7. API: EndUserSecurityContext Class

The EndUserSecurityContext class is used to define the end user security context information for an end user.

Added in version 7.0.

Note

In this release, Deep Data Security is only supported in node-oracledb Thin mode.

The EndUserSecurityContext object is created by using:

const security_context = new oracledb.EndUserSecurityContext(options);

The parameters of the EndUserSecurityContext method are:

Table 7.1 EndUserSecurityContext Parameters
Parameter	Data Type	Description
`options`	Object	The `options` parameter contains the attributes necessary to define an end user security context for a connection. See EndUserSecurityContext options Parameters Attributes for information.

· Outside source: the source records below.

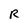
Character: R
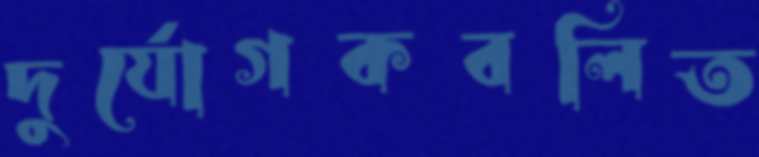
দুর্যোগকবলিত
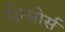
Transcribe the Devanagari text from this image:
सेन्सोर्स
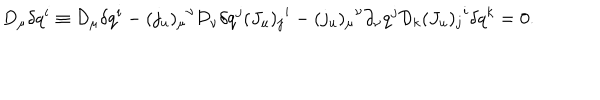
D _ { \mu } \delta q ^ { i } \equiv { \cal D } _ { \mu } \delta q ^ { i } - { ( j _ { u } ) _ { \mu } } ^ { \nu } { \cal D } _ { \nu } \delta q ^ { j } { ( J _ { u } ) _ { j } } ^ { i } - { ( j _ { u } ) _ { \mu } } ^ { \nu } \partial _ { \nu } q ^ { j } { \cal D } _ { k } { ( J _ { u } ) _ { j } } ^ { i } \delta q ^ { k } = 0 .
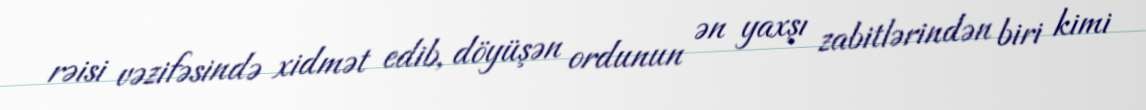
rəisi vəzifəsində xidmət edib, döyüşən ordunun ən yaxşı zabitlərindən biri kimi
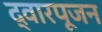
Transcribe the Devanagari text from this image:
द्वारपूजन
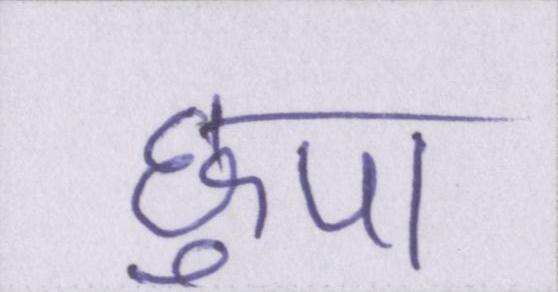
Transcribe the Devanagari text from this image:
छुपा
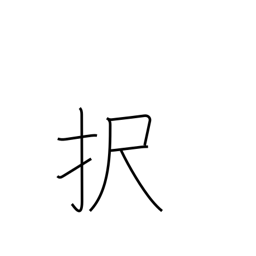
Meaning: elect
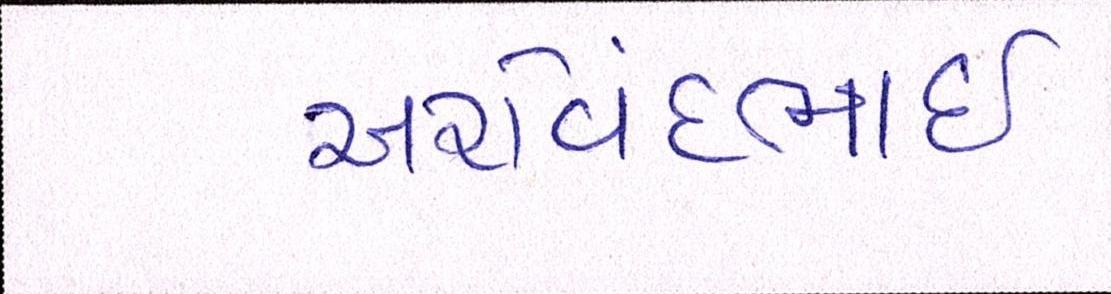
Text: અરવિંદભાઇ
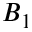
B _ { 1 }
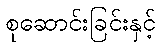
စုဆောင်းခြင်းနှင့်
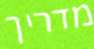
מדריך
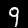
Label: 9
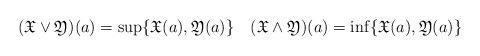
LaTeX: \begin{align*} (\mathfrak{X}\vee\mathfrak{Y})(a) = \sup\{\mathfrak{X}(a),\mathfrak{Y}(a)\} \quad (\mathfrak{X}\wedge\mathfrak{Y})(a) = \inf\{\mathfrak{X}(a),\mathfrak{Y}(a)\}\end{align*}
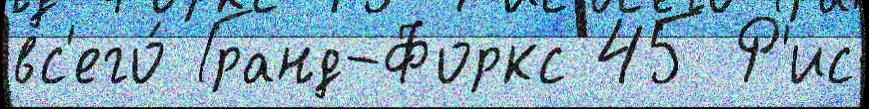
вс'его́ Гранд-Форкс 45 Р'ис
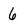
Character: 6
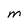
Character: M
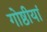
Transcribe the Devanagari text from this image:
गोष्ठीयां
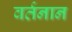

The properties of the options parameter are:

Table 7.2 EndUserSecurityContext `options` Parameter Attributes
Attribute	Data Type	Description
`databaseAccessToken`	String	A security token issued by an external Identity and Access Management (IAM) system such as Oracle Cloud Infrastructure (OCI) IAM or Microsoft Entra ID that authorizes an application to access Oracle Database. This can either be an On-Behalf-Of (OBO) token or a Client Credentials token. An OBO token is obtained from an IAM using the end user token as an assertion. This access token can only be used when `endUserToken` is specified. A Client Credentials token is obtained from an IAM using the application’s token. This access token can be used when either the `endUserToken`, or `endUserName` and `key` are specified.
`endUserToken`	String	The unique identification of an end user managed by an external IAM system. This contains the end user token issued by IAM systems after user authentication. This attribute should not be set when `endUserName` is specified.
`endUserName`	String	The unique identification of an end user managed by Oracle Database. This contains the name of a local database user created in Oracle Database that has the `CREATE END USER SECURITY CONTEXT` database privilege set. This attribute should not be set when `endUserToken` is specified.
`key`	String	The lookup identifier that the database maps to stored context attributes.
`dataRoles`	Array	The names of data roles granted to the application or local database user. These data roles are created with a `CREATE DATA ROLE` statement in the database. For external IAM systems, these data roles are mapped to roles managed in your IAM system. If `endUserName` and `key` are specified, then only data roles enabled by default with the application identity are used. Any data roles explicitly provided by the application are not accepted and will raise an error.
`attributes`	Object	The attribute-value pairs provided by the application that can be referenced at runtime by authorization policies (for example, in data grant predicates) and application logic. These attributes are contained in JSON objects conforming to a JSON schema of an END USER CONTEXT declared in the database.